I wonder if you converted it to a postscript file (.ps) would that remove it?
I think there is a program pdf2ps.
" convert it from pdf to ps and back to pdf. Basically, it prints the file, which (I believe) will remove all meta information. I imagine that pdf2ps doesn’t have a built in javascript library, so I think it is safe to assume that any malicious javascript will be securely removed in this process."
Yes that seems OK
Another idea. You can use the qpdf program to inspect a pdf and remove things manually.
Note :
There is a program called diffpdf which compares 2 pdf files… like diff compares 2 txt files. You could use it to check if things have been removed.

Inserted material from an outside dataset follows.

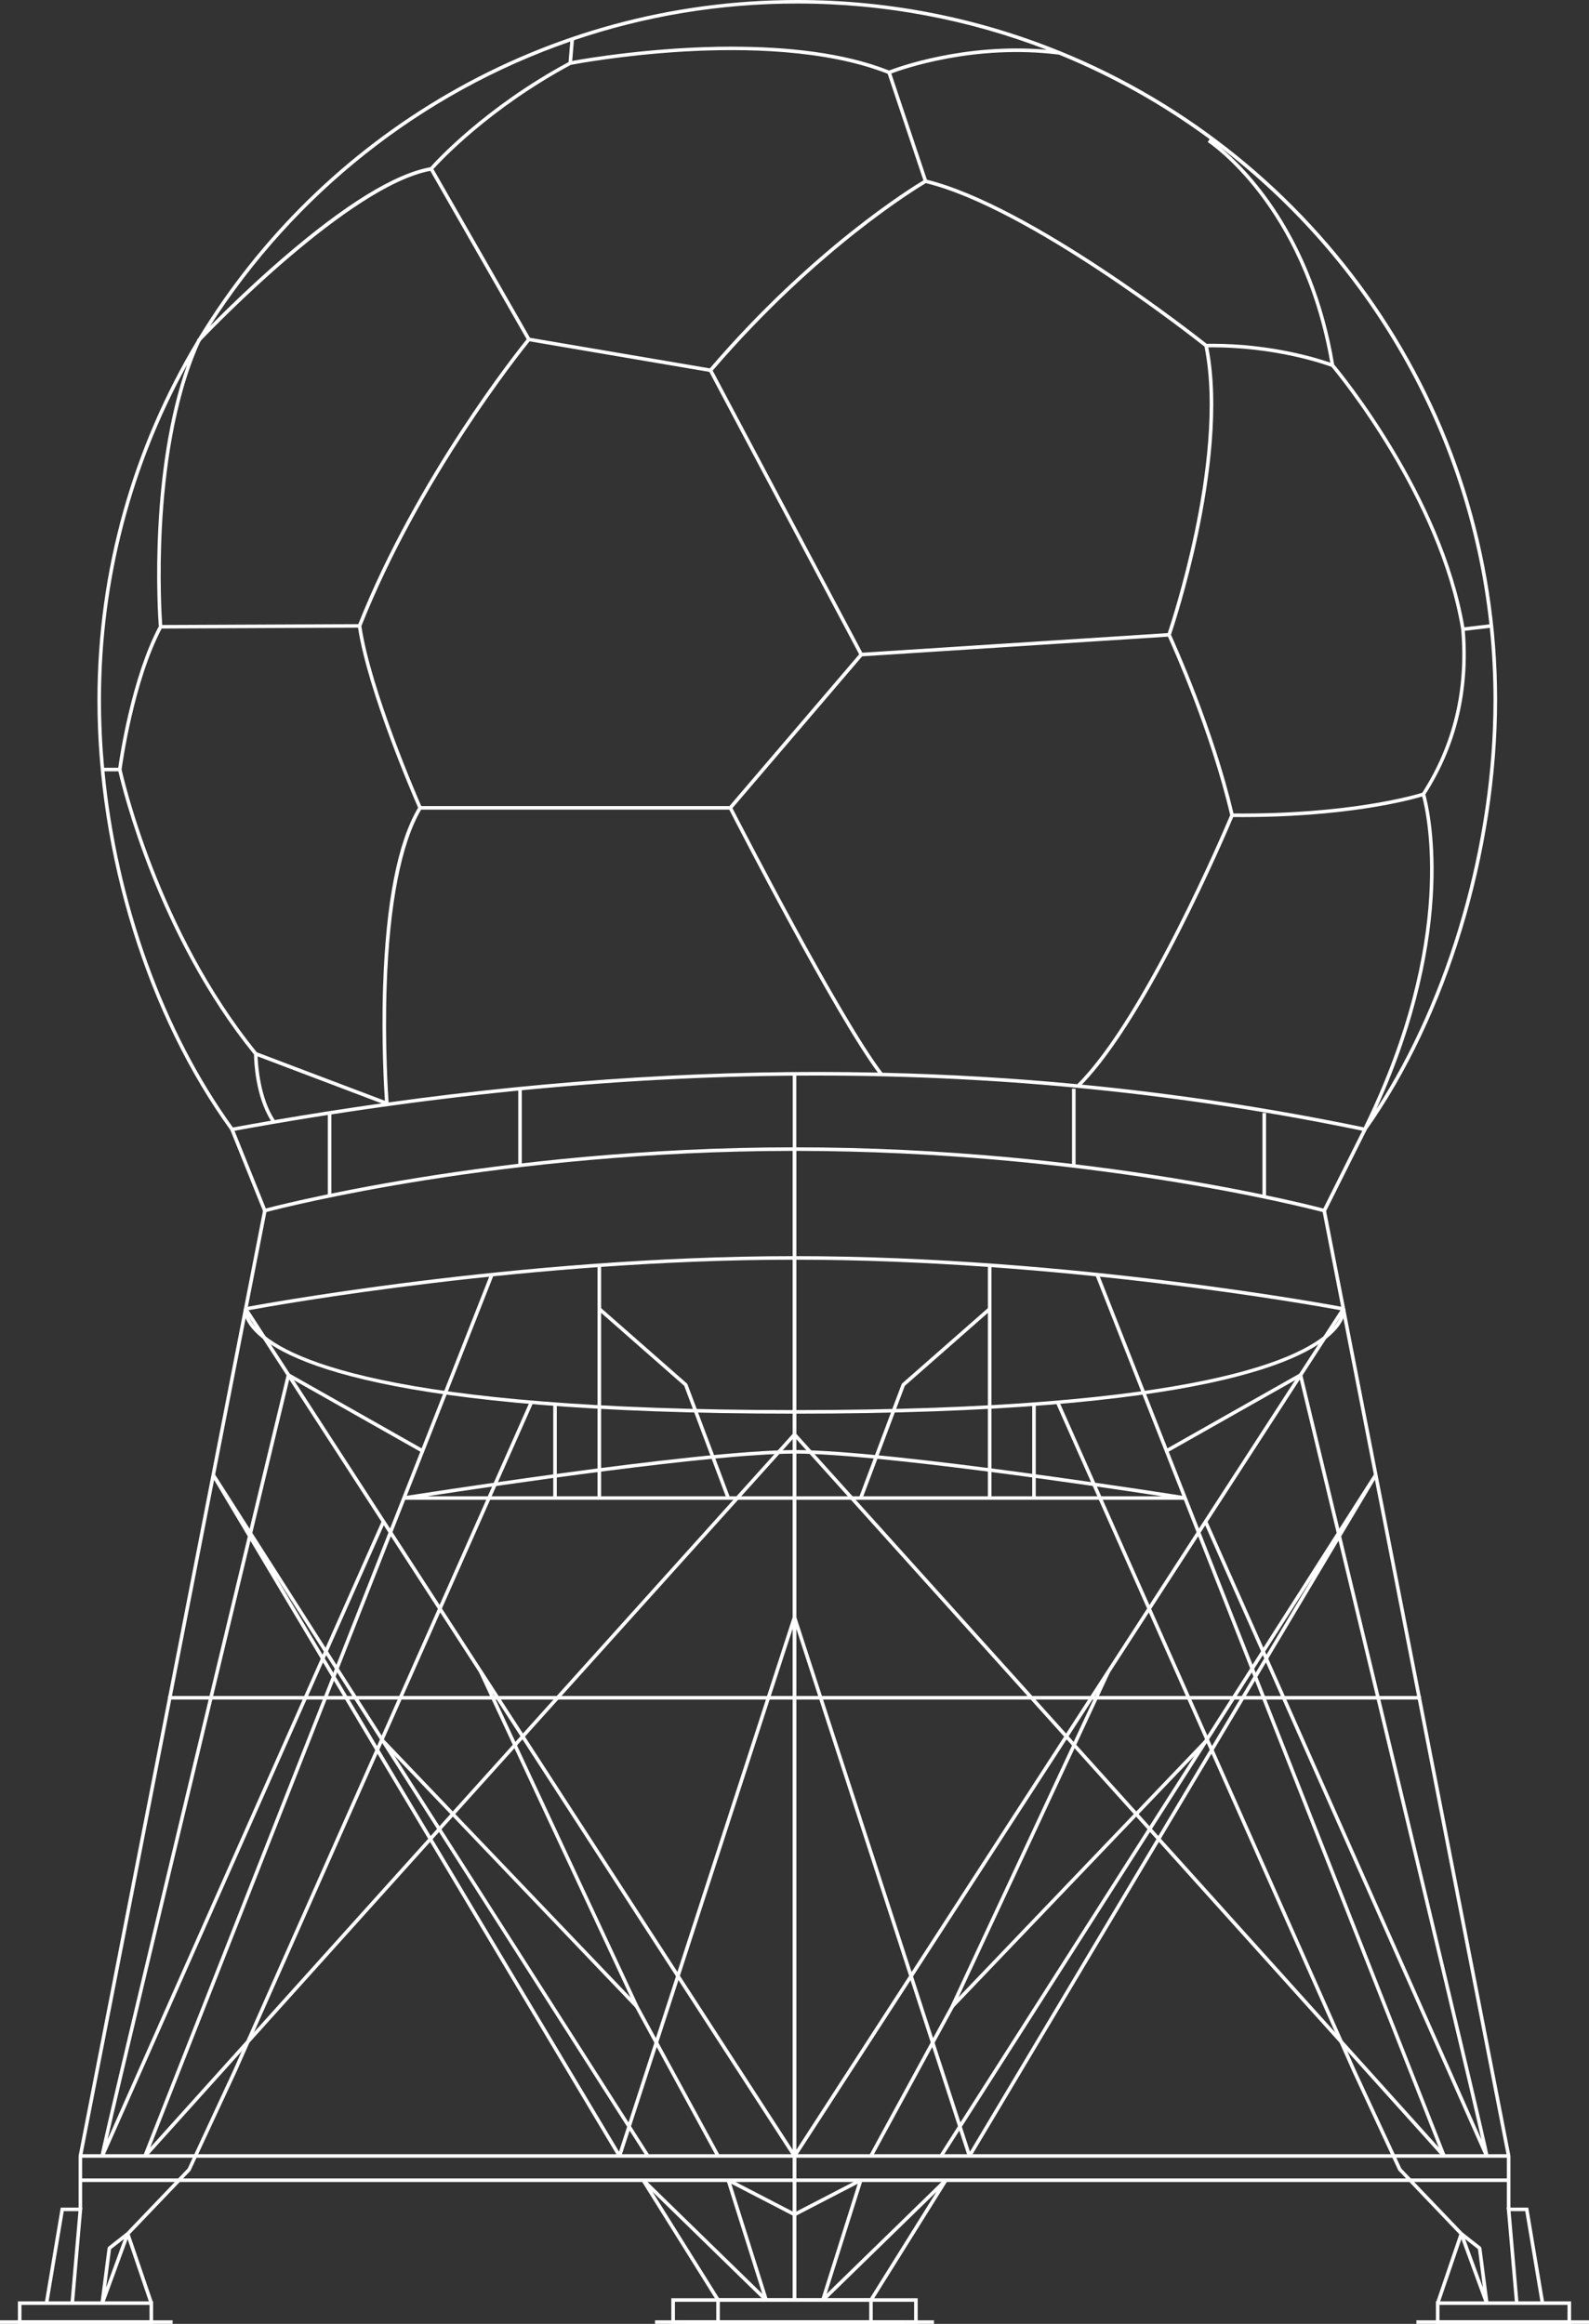 <?xml version="1.0" encoding="UTF-8"?><svg id="Layer_2" xmlns="http://www.w3.org/2000/svg" viewBox="0 0 446.93 653.55"><rect x="0" y="0" width="446.93" height="653.55" fill="#333333" stroke="none"/><defs><style>.cls-1{fill:#fff;}</style></defs><g id="Layer_1-2"><rect class="cls-1" y="652.55" width="48.55" height="1"/><rect class="cls-1" x="192.87" y="652.55" width="69.83" height="1"/><path class="cls-1" d="M43.07,653.55H5.04v-6.32h38.02v6.32ZM6.04,652.55h36.02v-4.32H6.04v4.32Z"/><path class="cls-1" d="M258.11,653.55h-56.65v-7.21h56.65v7.21ZM202.46,652.55h54.65v-5.21h-54.65v5.21Z"/><polygon class="cls-1" points="13.57 647.82 12.59 647.65 17.09 620.85 23.16 620.85 20.82 647.78 19.82 647.69 22.07 621.85 17.94 621.85 13.57 647.82"/><polygon class="cls-1" points="42.09 647.9 35.34 628.1 52.79 609.87 65.56 582.35 149.02 394.15 149.93 394.56 66.47 582.76 53.57 610.5 36.49 628.35 43.04 647.57 42.09 647.9"/><path class="cls-1" d="M29.23,647.91l-.97-.24,2-15.46.19-.33,5.15-4.05.78.57-7.15,19.51ZM31.23,632.54l-1.4,10.83,5.01-13.66-3.61,2.83Z"/><path class="cls-1" d="M23.11,621.35h-1v-15.02l.08-.08h-.07s51.88-265.88,51.88-265.88l.36-.39c.63-.17,64.45-17.31,149.11-17.31l.5.5v283.16l-.5.5H23.11v14.52ZM23.22,605.83h199.75v-282.16c-81.3.06-143.21,15.92-148.05,17.2l-51.7,264.96Z"/><path class="cls-1" d="M181.81,606.6l-4.72-7.39-2.37,7.28-.91.1-114.27-191.53.85-.52,116.39,182.35,46.2-142.18.95.31-46.45,142.96,5.16,8.09-.84.54ZM77.39,443.01l96.72,162.12,2.28-7.01-99-155.11Z"/><polygon class="cls-1" points="201.52 606.57 178.69 564.62 134.73 470.31 135.64 469.89 179.58 564.17 202.4 606.09 201.52 606.57"/><rect class="cls-1" x="142.99" y="475.52" width="1" height="103.15" transform="translate(-324.44 245.21) rotate(-43.71)"/><rect class="cls-1" x="47.29" y="476.97" width="176.17" height="1"/><polygon class="cls-1" points="41.16 606.67 40.33 606.15 137.9 358.27 138.83 358.63 42.27 603.94 223.1 403.09 223.84 403.76 41.16 606.67"/><path class="cls-1" d="M29.22,606.54l-.96-.21c.06-2.52,50.25-210.86,52.39-219.73l.73-.32,37.7,21.33-.49.87-37.12-21.01c-2.89,11.99-44.22,183.57-51.21,214.25l77.14-173.99.91.41-79.09,178.4Z"/><path class="cls-1" d="M223.47,397.57c-115.34,0-145.1-15.01-152.58-23.96-2.68-3.21-2.31-5.49-2.29-5.58l.99.17s-.29,2,2.17,4.88c7.48,8.77,37.15,23.49,151.71,23.49v1Z"/><path class="cls-1" d="M223.47,421.8h-109.85l-.08-.99c.82-.13,82.27-13,109.92-13v1c-23.01,0-83.5,8.96-103.36,12h103.36v1Z"/><rect class="cls-1" x="155.61" y="394.89" width="1" height="26.42"/><rect class="cls-1" x="168.07" y="355.81" width="1" height="65.49"/><polygon class="cls-1" points="204.38 421.48 192.45 389.75 168.24 368.49 168.9 367.74 193.3 389.17 205.31 421.13 204.38 421.48"/><path class="cls-1" d="M223.47,613.65H22.61v-1h200.36v-6.17l-154.29-238.09.33-.76c.75-.14,75.96-14.36,154.47-14.36v1c-74.26,0-145.58,12.73-153.55,14.2l153.97,237.59.08.27v6.82l-.5.5Z"/><polygon class="cls-1" points="215.14 647.21 183.53 616.4 202.39 646.58 201.54 647.11 180.48 613.41 181.25 612.79 214.41 645.1 204.37 613.3 205.07 612.7 222.97 621.97 222.97 613.15 223.97 613.15 223.97 646.85 222.97 646.85 222.97 623.1 205.68 614.15 215.96 646.7 215.14 647.21"/><rect class="cls-1" x="398.38" y="652.55" width="48.55" height="1"/><rect class="cls-1" x="184.23" y="652.55" width="69.83" height="1"/><path class="cls-1" d="M441.89,653.55h-38.02v-6.32h38.02v6.32ZM404.87,652.55h36.02v-4.32h-36.02v4.32Z"/><path class="cls-1" d="M245.47,653.55h-56.65v-7.21h56.65v7.21ZM189.83,652.55h54.65v-5.21h-54.65v5.21Z"/><polygon class="cls-1" points="433.36 647.82 429 621.85 424.87 621.85 427.11 647.69 426.12 647.78 423.78 620.85 429.84 620.85 434.35 647.65 433.36 647.82"/><polygon class="cls-1" points="404.84 647.9 403.9 647.57 410.45 628.35 393.28 610.37 380.47 582.77 297 394.56 297.91 394.15 381.38 582.35 394.15 609.87 411.59 628.1 404.84 647.9"/><path class="cls-1" d="M417.7,647.91l-7.15-19.51.78-.57,5.15,4.05.19.33,2,15.46-.97.24ZM412.09,629.7l5.01,13.66-1.4-10.83-3.61-2.83Z"/><path class="cls-1" d="M424.82,621.35h-1v-14.52h-200.35l-.5-.5v-283.16l.5-.5c84.66,0,148.47,17.14,149.11,17.31l.36.39,51.88,265.87h-.07s.08.1.08.1v15.02ZM223.97,605.83h199.75l-51.7-264.96c-4.84-1.27-66.75-17.13-148.05-17.2v282.16Z"/><path class="cls-1" d="M265.12,606.6l-.84-.54,5.16-8.09-46.45-142.96.95-.31,46.2,142.18,116.39-182.35.85.52-114.27,191.53-.91-.1-2.37-7.28-4.72,7.39ZM270.54,598.12l2.28,7.01,96.72-162.12-99,155.1Z"/><polygon class="cls-1" points="245.41 606.57 244.53 606.09 267.37 564.14 311.3 469.89 312.2 470.31 268.26 564.59 245.41 606.57"/><rect class="cls-1" x="251.87" y="526.59" width="103.15" height="1" transform="translate(-287.19 381.96) rotate(-46.27)"/><rect class="cls-1" x="223.47" y="476.97" width="176.17" height="1"/><polygon class="cls-1" points="405.77 606.67 223.1 403.76 223.84 403.09 404.67 603.94 308.11 358.63 309.04 358.27 406.61 606.15 405.77 606.67"/><path class="cls-1" d="M417.71,606.54l-79.09-178.4.91-.41,77.14,173.99c-6.98-30.62-48.32-202.26-51.21-214.25l-37.12,21.01-.49-.87,37.7-21.33.73.32c2.14,8.87,52.33,217.21,52.39,219.73l-.96.21Z"/><path class="cls-1" d="M223.47,397.57v-1c114.56,0,144.22-14.72,151.71-23.49,2.46-2.88,2.17-4.86,2.17-4.88l.99-.17c.02.09.39,2.37-2.29,5.58-7.47,8.95-37.23,23.96-152.57,23.96Z"/><path class="cls-1" d="M333.31,421.8h-109.84v-1h103.36c-19.86-3.04-80.34-12-103.36-12v-1c27.65,0,109.1,12.87,109.92,13l-.08.99Z"/><rect class="cls-1" x="290.32" y="394.89" width="1" height="26.42"/><rect class="cls-1" x="277.86" y="355.81" width="1" height="65.49"/><polygon class="cls-1" points="242.56 421.48 241.62 421.13 253.64 389.17 253.73 389.08 278.03 367.74 278.69 368.49 254.49 389.75 242.56 421.48"/><path class="cls-1" d="M424.32,613.65h-200.85l-.5-.5v-6.82l.08-.27,153.97-237.59c-7.97-1.47-79.28-14.2-153.55-14.2v-1c78.51,0,153.72,14.21,154.47,14.36l.33.76-154.29,238.09v6.17h200.35v1Z"/><polygon class="cls-1" points="231.8 647.21 230.97 646.7 241.25 614.15 223.97 623.1 223.97 646.85 222.97 646.85 222.97 613.15 223.97 613.15 223.97 621.97 241.86 612.7 242.57 613.3 232.52 645.1 265.68 612.79 266.46 613.41 245.4 647.11 244.55 646.58 263.41 616.4 231.8 647.21"/><path class="cls-1" d="M384.14,318.2l-.38-.08c-100.29-20.85-204.43-20.85-318.38,0l-.31.06-.18-.25c-23.47-32.32-37.48-77.58-37.48-121.09,0-36.87,10.19-71.4,27.89-100.93.08-.18.16-.35.24-.53l.09-.13s.07-.08.19-.2C90.35,38.12,152.93,0,224.24,0c26.12,0,51.07,5.11,73.89,14.39.03,0,.05,0,.08,0v.02c71.99,29.3,122.87,100.03,122.87,182.42,0,42.71-14.1,89.09-36.79,121.05l-.15.31ZM29.38,216.92c3.53,36.68,16.48,72.99,36.13,100.17,3.58-.65,7.15-1.29,10.71-1.9-4.46-6.96-4.76-17.11-4.78-18.64-27.07-33.35-37.11-75.11-38.14-79.63h-3.92ZM304.29,305.04c26.76,2.59,53.16,6.6,79.29,12.02,25.95-52.94,17.65-88.58,16.43-93.06-3.2.96-21.69,6.06-53.15,5.78-1.9,4.51-23.84,56.04-42.58,75.26ZM72.45,297.1c.1,2.64.75,11.83,4.83,17.9,10.09-1.73,20.13-3.29,30.07-4.69l-34.9-13.22ZM400.89,223.45c.89,3.11,9.64,37.16-13.8,88.53,20.45-31.49,32.98-74.94,32.98-115.14,0-6.84-.35-13.59-1.04-20.26l-7.03.82c1.36,16.93-2.38,32.4-11.12,46.04ZM118.45,227.69c-5.58,9.45-8.93,26.64-9.7,49.76-.54,16.41.4,30.55.55,32.59,47.34-6.55,93.07-9.34,137.62-8.38-12.02-16.12-39.6-69.66-41.81-73.97h-86.66ZM72.23,295.94l36.03,13.64c-.22-3.32-1.02-16.74-.51-32.16.78-23.65,4.09-40.56,9.85-50.27-1.3-2.96-14.13-32.55-16.9-50.63l-55.23.24c-7.86,14.93-11.05,38.04-11.27,39.63.48,2.17,10.24,45.33,38.03,79.55ZM248.19,301.69c18.46.43,36.72,1.5,54.81,3.23,18.98-18.86,41.65-72.46,43.01-75.69-5.49-23.48-16.16-47.21-17.51-50.18l-86,5.53-36.49,42.69c2.34,4.55,30.52,59.24,42.19,74.43ZM346.93,228.78c32.61.28,51.18-5.23,53.1-5.83,8.73-13.6,12.41-29.06,10.95-45.94-6.15-37.13-34.72-71.75-36.47-73.83-1.43-.54-15.75-5.71-34.66-5.49,3.24,16.52.25,37.5-2.86,52.27-3.17,15.09-7.09,26.92-7.64,28.55,1.07,2.34,11.97,26.4,17.59,50.28ZM118.49,226.69h86.69l36.47-42.67-42.13-79.43-50.57-8.6c-2.55,3.15-30.85,38.62-47.31,80.09,2.64,17.81,15.41,47.32,16.84,50.61ZM29.28,215.92h3.98c.47-3.36,3.77-25.35,11.4-39.75-.11-1.44-.91-13.2-.1-28.28.68-12.74,2.66-30.16,8.07-45.33-15.44,27.99-24.23,60.13-24.23,94.29,0,6.34.3,12.71.88,19.08ZM200.45,104.21l42.09,79.36,85.9-5.52c.68-2.03,4.48-13.62,7.57-28.31,3.11-14.8,6.11-35.86,2.77-52.27-2.92-2.31-49.37-38.86-78.37-45.97-2.44,1.44-30.41,18.32-59.96,52.72ZM375.27,102.54c1.83,2.18,30.26,36.67,36.61,73.88l7.04-.83c-5.92-54.63-34.4-102.59-75.9-134.35,7.18,5.9,26.08,24.56,32.24,61.3ZM56.18,96.37c-7.37,16.34-9.85,37.01-10.63,51.55-.76,14.22-.09,25.47.07,27.85l55.16-.24c16.45-41.35,44.59-76.7,47.36-80.12l-27.11-47.36c-22.62,4.27-60.9,43.94-64.42,47.62-.14.24-.29.47-.43.71ZM149.07,95l50.58,8.6c29.07-33.85,56.65-50.82,60.07-52.87l-10.05-29.98c-17.4-6.88-40.64-7.21-57.11-6.27-17.27.99-30.89,3.54-32,3.76-22.91,12.3-36.73,27.16-38.66,29.31l27.16,47.45ZM340.95,96.68c16.86,0,29.9,4.15,33.21,5.31-7.71-44.48-34.2-61.86-34.47-62.03l.53-.83c-12.99-9.58-27.2-17.59-42.35-23.76-23.9-3.01-44,4.1-47.18,5.3l10.01,29.87c29.22,7.21,75.76,43.83,78.69,46.15.52,0,1.04-.01,1.55-.01ZM160.39,11.69c-42.09,14.55-77.71,43.07-101.3,80,4.13-4.18,11.58-11.49,20.23-18.96,17.65-15.24,31.68-23.89,41.71-25.7,1.42-1.6,15.39-16.92,38.89-29.57l.47-5.77ZM205.98,13.13c15.03,0,31.17,1.58,44.09,6.7,2.09-.81,21.04-7.86,44.34-5.84-21.79-8.39-45.46-13-70.17-13-21.96,0-43.09,3.63-62.82,10.33l-.48,5.82c3.75-.68,23.21-4.02,45.04-4.02Z"/><rect class="cls-1" x="69.39" y="316.74" width="1" height="24.62" transform="translate(-117.95 49.99) rotate(-21.95)"/><rect class="cls-1" x="365.39" y="328.55" width="25.53" height="1" transform="translate(-85.27 520.12) rotate(-63.43)"/><rect class="cls-1" x="92.2" y="312.99" width="1" height="23.28"/><rect class="cls-1" x="145.77" y="306.18" width="1" height="21.87"/><rect class="cls-1" x="355.09" y="312.99" width="1" height="23.28"/><rect class="cls-1" x="301.52" y="306.18" width="1" height="21.87"/><rect class="cls-1" x="222.97" y="302.04" width="1" height="21.13"/></g></svg>

I wonder if you converted it to a postscript file (.ps) would that remove it?
I think there is a program pdf2ps .
I don’t have idea if it is possible … @Rosika some thougths about this? Perhaps it is related with the pdfinfo command suggested by you at:
Continuing
" convert it from pdf to ps and back to pdf. Basically, it prints the file, which (I believe) will remove all meta information. I imagine that pdf2ps doesn’t have a built in javascript library, so I think it is safe to assume that any malicious javascript will be securely removed in this process ."
From where you took that statement? It has " "
Yes that seems OK
If some member of this network can confirm that would be great
Another idea. You can use the qpdf program to inspect a pdf and remove things manually.
Have you test it?
Note :
There is a program called diffpdf which compares 2 pdf files… like diff compares 2 txt files. You could use it to check if things have been removed.
Huge thanks for that command … but for this scenario only exists 1 file, therefore there is no other file to do a comparison but this command now is in my toolbox
As usual huge thanks for your polite support friend!
Go ahead and use pdf2ps… then convert the .ps file back to .pdf with ps2pdf
The javascript should not survive the conversion.
Compare the result with the original using diffpdf
Go ahead and use pdf2ps … then convert the .ps file back to .pdf with ps2pdf
The javascript should not survive the conversion.
Compare the result with the original using diffpdf
I was always of the opinion that flattening would do the job the easiest way.
I´m not totally sure about it, so you´d have to try it out for yourself and then check the outcome to see whether JS was removed.
Printing the PDF to a new PDF using the “Print to PDF” feature (available in most Linux PDF viewers or web browsers) effectively flattens the document.
This process should remove JavaScript, as the printer driver does not transfer code, only the visual representation. At least that´s my understanding of it.
Another method could be using the ghostscript command.
Personally I use it a lot for converting PDFs to monochrome or to combine PDFs and the like.
But you might use it for getting rid of JS, too.
Just try the following and then check the result:
Converting a PDF to PostScript using pdf2ps and then back to PDF with ps2pdf will also remove JavaScript and most interactive content. The PostScript format does not support embedded JavaScript, so the conversion process strips it out* .
This is a reliable method, but it may degrade some aspects of the PDF, such as hyperlinks, bookmarks, or advanced layout features.